Records from a collection:

+--

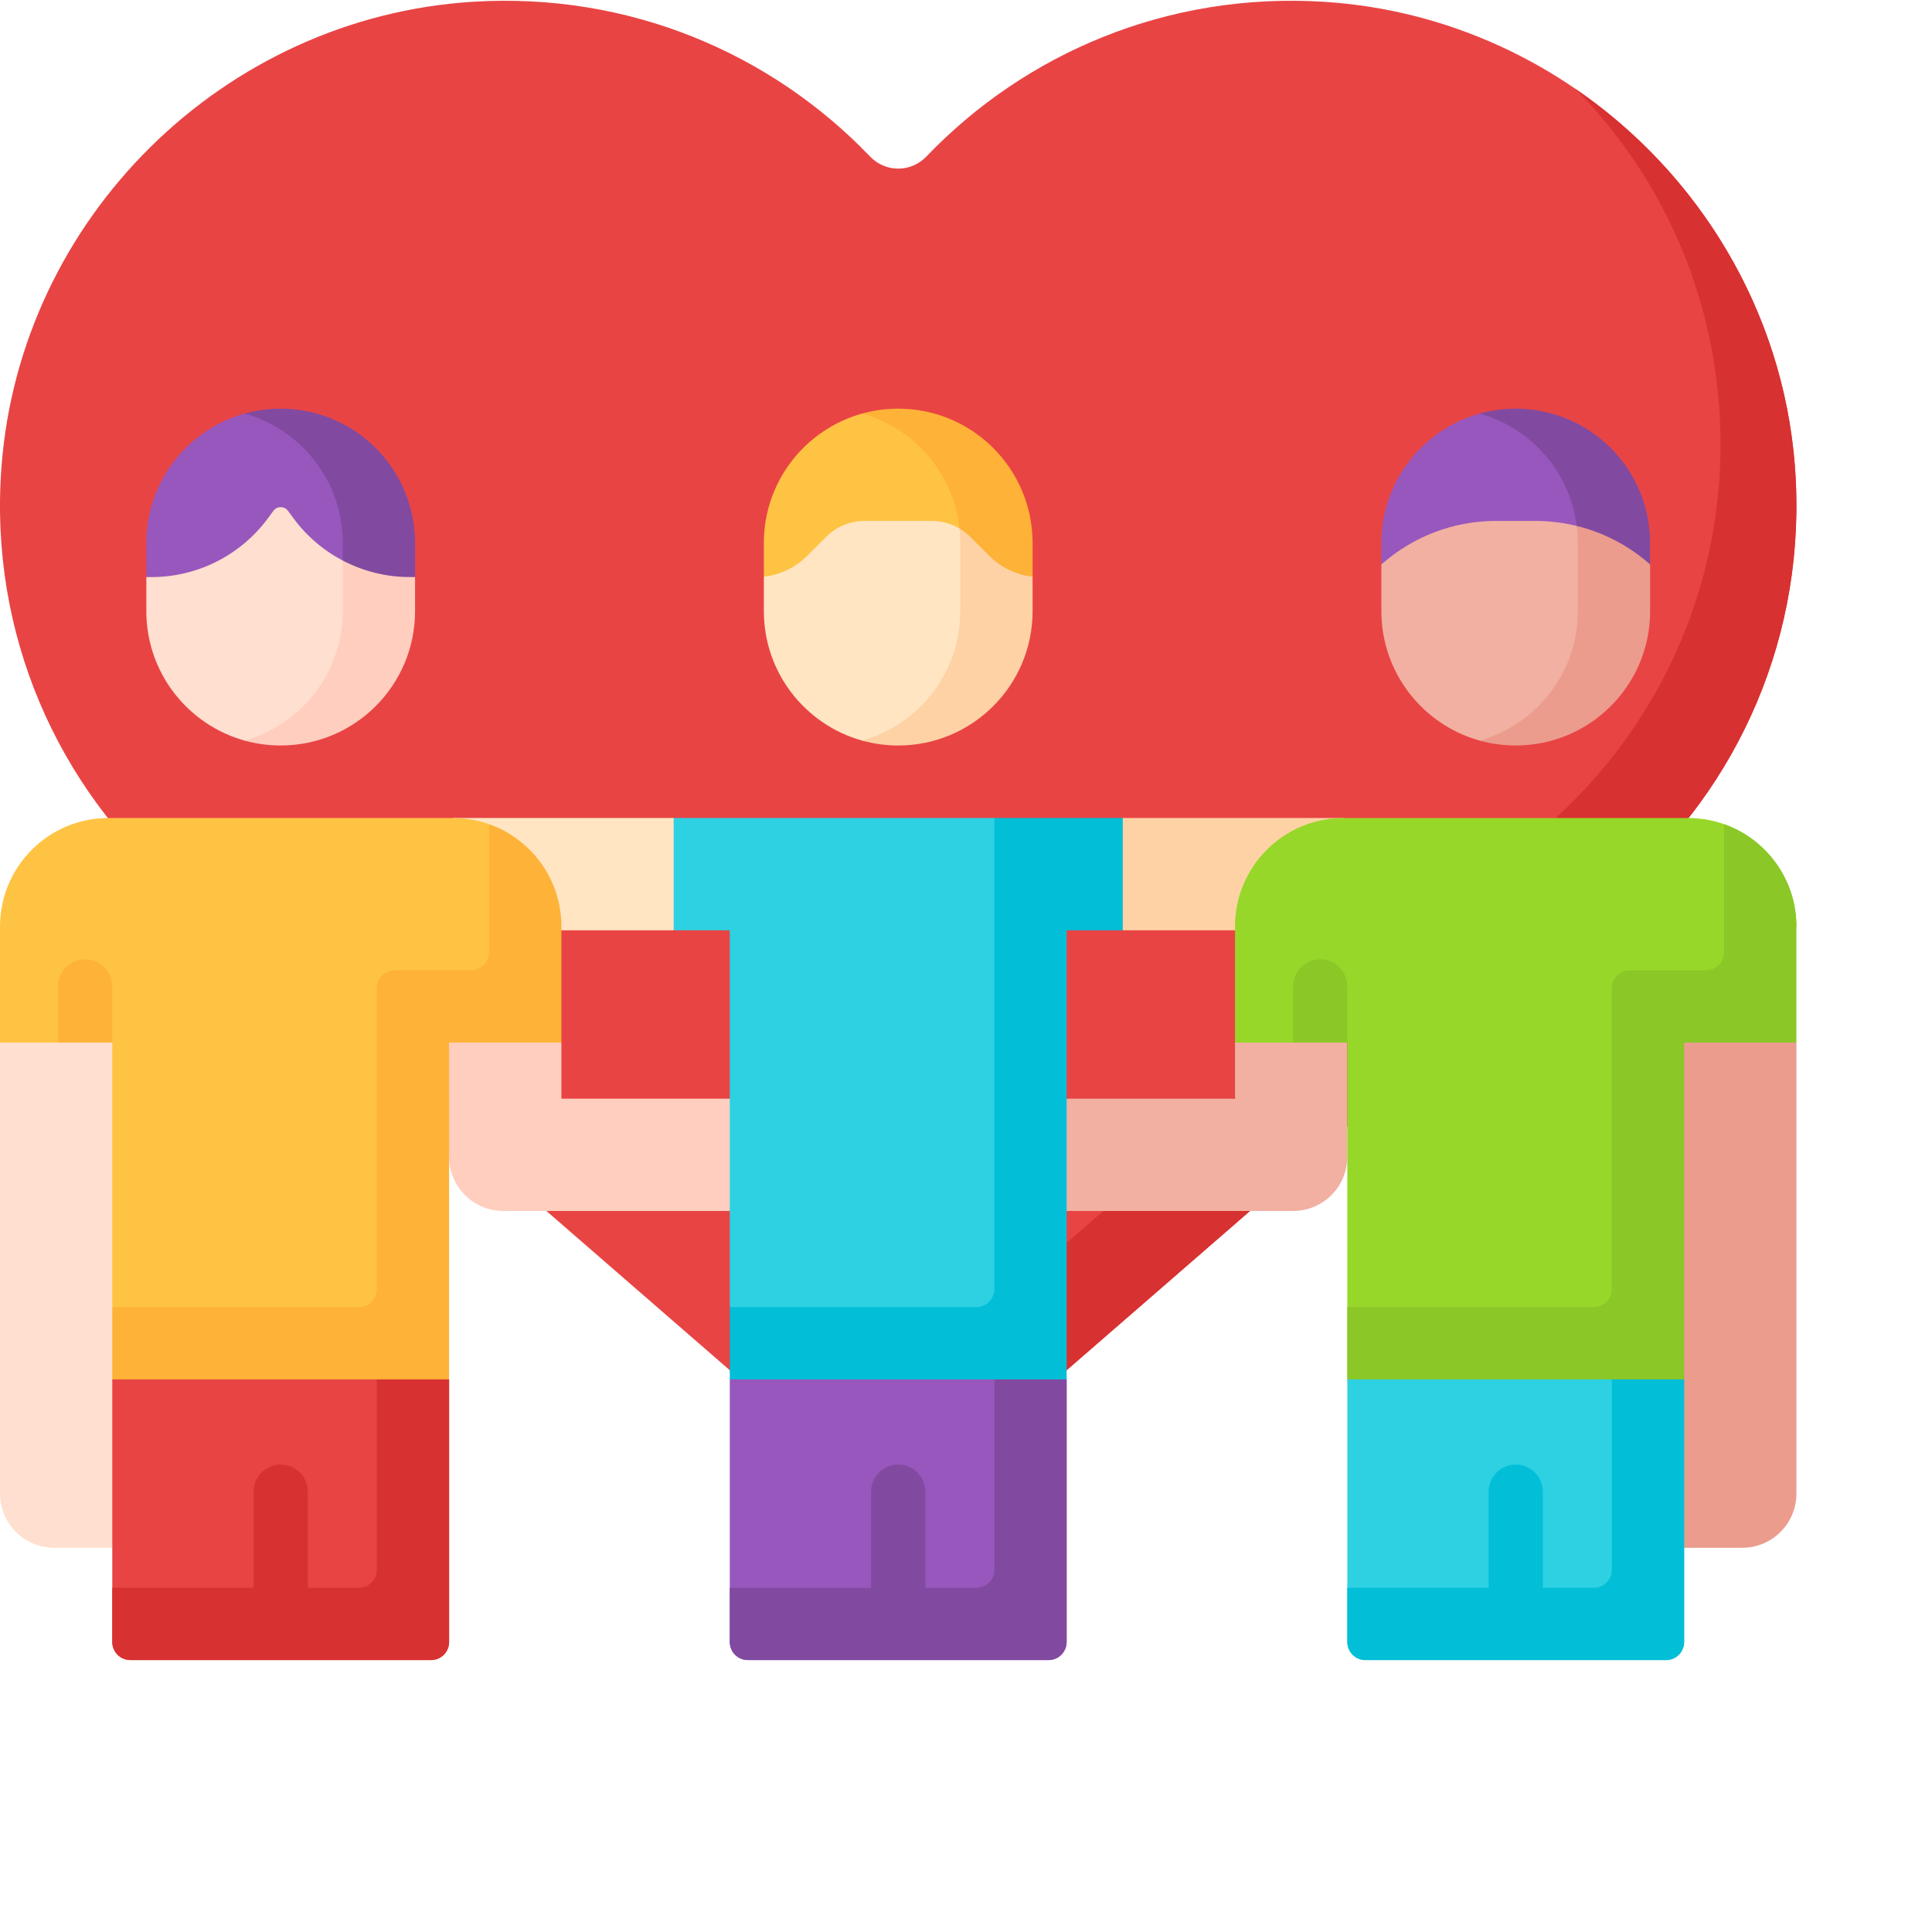 <svg class="block my-3" width="114" height="114" viewBox="0 0 114 114" fill="none"
                                    xmlns="http://www.w3.org/2000/svg">

                                    <path
                                        d="M105.912 27.533C104.799 12.848 92.8 1.023 78.102 0.105C68.882 -0.471 60.495 3.148 54.663 9.234C53.748 10.189 52.252 10.189 51.338 9.234C45.505 3.148 37.118 -0.471 27.898 0.105C13.2 1.023 1.201 12.848 0.088 27.533C-0.664 37.452 3.442 46.442 10.274 52.375H10.273L50.038 86.911C51.737 88.386 54.263 88.386 55.962 86.911L95.727 52.375H95.726C102.558 46.442 106.663 37.452 105.912 27.533Z"
                                        fill="#E94444" />
                                    <path
                                        d="M105.912 27.534C105.213 18.313 100.223 10.22 92.967 5.247C97.763 10.107 100.881 16.626 101.433 23.908C102.185 33.826 98.079 42.816 91.247 48.75H91.248L48.673 85.725L50.039 86.911C51.737 88.386 54.263 88.386 55.962 86.911L95.727 52.375H95.726C102.558 46.442 106.663 37.452 105.912 27.534Z"
                                        fill="#D83131" />
                                    <path
                                        d="M33.126 64.828V61.517L29.812 58.205L24.491 61.517L26.5 68.278C26.512 70.035 27.94 71.455 29.699 71.455H43.062L46.375 68.142L43.062 64.828H33.126Z"
                                        fill="#FFCEBF" />
                                    <path
                                        d="M105.999 61.517V88.131C105.999 89.897 104.567 91.33 102.8 91.33H99.375L96.062 58.205L105.999 61.517Z"
                                        fill="#EB9C8D" />
                                    <path
                                        d="M72.874 64.828V61.517L76.188 58.205L79.5 61.517V68.278C79.488 70.035 78.06 71.455 76.301 71.455H62.938L59.625 68.142L62.938 64.828H72.874Z"
                                        fill="#F1B0A2" />
                                    <path
                                        d="M0.001 61.517V88.131C0.001 89.897 1.433 91.33 3.2 91.33H6.625L11.045 57.563L0.001 61.517Z"
                                        fill="#FFDFCF" />
                                    <path
                                        d="M98.309 97.955H80.566C79.977 97.955 79.5 97.477 79.5 96.888V81.392L89.438 78.08L99.375 81.392V96.888C99.375 97.477 98.898 97.955 98.309 97.955Z"
                                        fill="#2ED1E2" />
                                    <path
                                        d="M95.109 79.971V92.623C95.109 93.212 94.632 93.689 94.043 93.689H79.5V96.888C79.5 97.477 79.977 97.955 80.566 97.955H98.309C98.898 97.955 99.375 97.477 99.375 96.888V81.392L95.109 79.971Z"
                                        fill="#03BED7" />
                                    <path
                                        d="M61.871 97.955H44.129C43.54 97.955 43.062 97.477 43.062 96.888V81.392L53 78.08L62.938 81.392V96.888C62.938 97.477 62.46 97.955 61.871 97.955Z"
                                        fill="#9857BD" />
                                    <path
                                        d="M58.672 79.971V92.623C58.672 93.212 58.194 93.689 57.605 93.689H43.062V96.888C43.062 97.477 43.54 97.955 44.129 97.955H61.871C62.46 97.955 62.938 97.477 62.938 96.888V81.392L58.672 79.971Z"
                                        fill="#814AA0" />
                                    <path
                                        d="M25.434 97.955H7.691C7.102 97.955 6.625 97.477 6.625 96.888V81.392L16.562 78.08L26.5 81.392V96.888C26.5 97.477 26.023 97.955 25.434 97.955Z"
                                        fill="#E94444" />
                                    <path
                                        d="M22.234 79.971V92.623C22.234 93.212 21.757 93.689 21.168 93.689H6.625V96.888C6.625 97.477 7.102 97.955 7.691 97.955H25.434C26.023 97.955 26.5 97.477 26.5 96.888V81.392L22.234 79.971Z"
                                        fill="#D83131" />
                                    <path d="M79.273 48.267H66.25L62.938 51.58L66.25 54.892H79.273V48.267Z"
                                        fill="#FED2A4" />
                                    <path d="M26.727 48.267H39.75L43.062 51.58L39.75 54.892H26.727V48.267Z"
                                        fill="#FFE5C2" />
                                    <path
                                        d="M14.43 24.404C11.086 25.335 8.634 28.402 8.634 32.042V34.051H24.491L19.525 27.039C18.355 25.386 16.455 24.404 14.43 24.404Z"
                                        fill="#9857BD" />
                                    <path
                                        d="M16.562 24.113C15.824 24.113 15.108 24.215 14.43 24.404C17.773 25.335 20.226 28.402 20.226 32.042V34.051H24.491V32.042C24.491 27.663 20.941 24.113 16.562 24.113Z"
                                        fill="#814AA0" />
                                    <path
                                        d="M50.867 24.404C47.524 25.335 45.072 28.402 45.072 32.042V34.026H58.786L57.345 29.222C56.486 26.362 53.853 24.404 50.867 24.404Z"
                                        fill="#FFC344" />
                                    <path
                                        d="M53 24.113C52.261 24.113 51.546 24.215 50.867 24.404C54.21 25.335 56.663 28.402 56.663 32.042V34.026H60.929V32.042C60.929 27.663 57.379 24.113 53 24.113Z"
                                        fill="#FEB237" />
                                    <path
                                        d="M87.305 24.404C83.962 25.335 81.509 28.402 81.509 32.042V33.309H95.237L94.778 30.682C94.143 27.052 90.99 24.404 87.305 24.404Z"
                                        fill="#9857BD" />
                                    <path
                                        d="M89.438 24.113C88.699 24.113 87.984 24.215 87.305 24.404C90.648 25.335 93.101 28.402 93.101 32.042V33.309H97.367V32.042C97.367 27.663 93.817 24.113 89.438 24.113Z"
                                        fill="#814AA0" />
                                    <path
                                        d="M20.226 33.077C19.095 32.485 18.096 31.639 17.318 30.583L16.992 30.141C16.779 29.852 16.347 29.852 16.133 30.141L15.807 30.583C14.199 32.764 11.65 34.051 8.941 34.051H8.634V36.06C8.634 39.7 11.087 42.767 14.43 43.698L16.355 43.853C20.324 43.462 23.322 38.728 21.406 35.23L20.226 33.077Z"
                                        fill="#FFDFCF" />
                                    <path
                                        d="M24.184 34.051C22.786 34.051 21.431 33.708 20.226 33.077V36.06C20.226 39.7 17.773 42.767 14.43 43.698C15.108 43.887 15.824 43.988 16.562 43.988C20.941 43.988 24.491 40.439 24.491 36.059V34.051L24.184 34.051Z"
                                        fill="#FFCEBF" />
                                    <path
                                        d="M56.617 31.185C56.128 30.895 55.566 30.738 54.987 30.738H51.013C50.164 30.738 49.35 31.076 48.751 31.675L47.625 32.802C46.935 33.492 46.033 33.921 45.072 34.026V36.06C45.072 39.7 47.525 42.767 50.868 43.698C56.286 44.03 60.069 38.422 57.732 33.522L56.617 31.185Z"
                                        fill="#FFE5C2" />
                                    <path
                                        d="M58.376 32.802L57.249 31.675C57.059 31.485 56.846 31.32 56.617 31.185C56.648 31.467 56.663 31.753 56.663 32.042V36.06C56.663 39.7 54.211 42.767 50.867 43.698C51.546 43.887 52.261 43.989 53 43.989C57.379 43.989 60.929 40.439 60.929 36.06V34.026C59.968 33.921 59.066 33.492 58.376 32.802Z"
                                        fill="#FED2A4" />
                                    <path
                                        d="M93.037 31.032C92.25 30.839 91.436 30.738 90.611 30.738H88.264C85.767 30.738 83.365 31.658 81.509 33.309V36.06C81.509 39.7 83.962 42.767 87.305 43.698C91.96 43.698 95.331 39.259 94.081 34.775L93.037 31.032Z"
                                        fill="#F1B0A2" />
                                    <path
                                        d="M93.037 31.032C93.079 31.363 93.101 31.7 93.101 32.042V36.06C93.101 39.7 90.648 42.767 87.305 43.698C87.984 43.887 88.699 43.988 89.438 43.988C93.817 43.988 97.367 40.438 97.367 36.059V33.309C96.124 32.203 94.635 31.425 93.037 31.032Z"
                                        fill="#EB9C8D" />
                                    <path
                                        d="M31.773 59.462L28.86 48.632C28.193 48.396 27.475 48.268 26.727 48.268H6.4C2.866 48.268 0.001 51.132 0.001 54.666V61.517H3.426L5.026 59.36L6.625 61.517V77.127L22.234 79.971L25.185 59.918L31.773 59.462Z"
                                        fill="#FFC344" />
                                    <path
                                        d="M28.86 48.632V56.185C28.86 56.774 28.383 57.252 27.794 57.252H23.301C22.712 57.252 22.234 57.729 22.234 58.318L22.234 76.061C22.234 76.65 21.756 77.127 21.167 77.127H6.625V81.393H26.499L26.5 61.518H33.126V54.666C33.126 51.88 31.345 49.51 28.86 48.632Z"
                                        fill="#FEB237" />
                                    <path
                                        d="M72.874 61.517V54.666C72.874 51.132 75.739 48.268 79.273 48.268H99.6C103.134 48.268 105.999 51.133 105.999 54.666L103.891 59.061L97.546 58.7L96.062 78.822L79.501 81.392L79.5 68.256C79.5 68.263 79.5 68.271 79.5 68.278V61.517L77.9 59.061L76.301 61.517H72.874Z"
                                        fill="#97D729" />
                                    <path
                                        d="M101.733 48.632V56.185C101.733 56.774 101.256 57.252 100.667 57.252H96.176C95.587 57.252 95.109 57.729 95.109 58.318V76.06C95.109 76.649 94.632 77.127 94.043 77.127H79.501L79.501 81.392H99.375V61.517H105.999V54.666C105.999 51.88 104.218 49.51 101.733 48.632Z"
                                        fill="#8BC727" />
                                    <path
                                        d="M39.75 48.267V54.892H43.062V77.127L60.154 79.607L61.294 52.392L58.672 48.267H39.75Z"
                                        fill="#2ED1E2" />
                                    <path
                                        d="M58.672 48.267V76.06C58.672 76.649 58.194 77.127 57.605 77.127H43.062V81.392H62.938V54.892H66.25V48.267H58.672Z"
                                        fill="#03BED7" />
                                    <path
                                        d="M3.426 61.517V58.205C3.426 57.322 4.142 56.605 5.025 56.605C5.909 56.605 6.625 57.322 6.625 58.205V61.517H3.426Z"
                                        fill="#FEB237" />
                                    <path
                                        d="M76.301 61.517V58.205C76.301 57.322 77.017 56.605 77.9 56.605C78.784 56.605 79.5 57.322 79.5 58.205V61.517H76.301Z"
                                        fill="#8BC727" />
                                    <path
                                        d="M16.562 96.943C15.679 96.943 14.963 96.227 14.963 95.343V88.017C14.963 87.134 15.679 86.418 16.562 86.418C17.446 86.418 18.162 87.134 18.162 88.017V95.343C18.162 96.227 17.446 96.943 16.562 96.943Z"
                                        fill="#D83131" />
                                    <path
                                        d="M53 97.399C52.117 97.399 51.401 96.683 51.401 95.799V88.017C51.401 87.134 52.117 86.418 53 86.418C53.884 86.418 54.6 87.134 54.6 88.017V95.799C54.6 96.683 53.884 97.399 53 97.399Z"
                                        fill="#814AA0" />
                                    <path
                                        d="M89.438 96.977C88.555 96.977 87.839 96.261 87.839 95.378V88.017C87.839 87.134 88.555 86.418 89.438 86.418C90.322 86.418 91.038 87.134 91.038 88.017V95.378C91.038 96.261 90.322 96.977 89.438 96.977Z"
                                        fill="#03BED7" />
                                </svg>

+--

YOUR INSTRUCTIONS:
Which lines above run from the one containing "48.632V56.185C28.86 56.774 28.383" to the one containing "48.632V56.185C101.733 56.774 101.256"? Give them again exactly, both ends included.

REPLY:
                                        d="M28.86 48.632V56.185C28.86 56.774 28.383 57.252 27.794 57.252H23.301C22.712 57.252 22.234 57.729 22.234 58.318L22.234 76.061C22.234 76.65 21.756 77.127 21.167 77.127H6.625V81.393H26.499L26.5 61.518H33.126V54.666C33.126 51.88 31.345 49.51 28.86 48.632Z"
                                        fill="#FEB237" />
                                    <path
                                        d="M72.874 61.517V54.666C72.874 51.132 75.739 48.268 79.273 48.268H99.6C103.134 48.268 105.999 51.133 105.999 54.666L103.891 59.061L97.546 58.7L96.062 78.822L79.501 81.392L79.5 68.256C79.5 68.263 79.5 68.271 79.5 68.278V61.517L77.9 59.061L76.301 61.517H72.874Z"
                                        fill="#97D729" />
                                    <path
                                        d="M101.733 48.632V56.185C101.733 56.774 101.256 57.252 100.667 57.252H96.176C95.587 57.252 95.109 57.729 95.109 58.318V76.06C95.109 76.649 94.632 77.127 94.043 77.127H79.501L79.501 81.392H99.375V61.517H105.999V54.666C105.999 51.88 104.218 49.51 101.733 48.632Z"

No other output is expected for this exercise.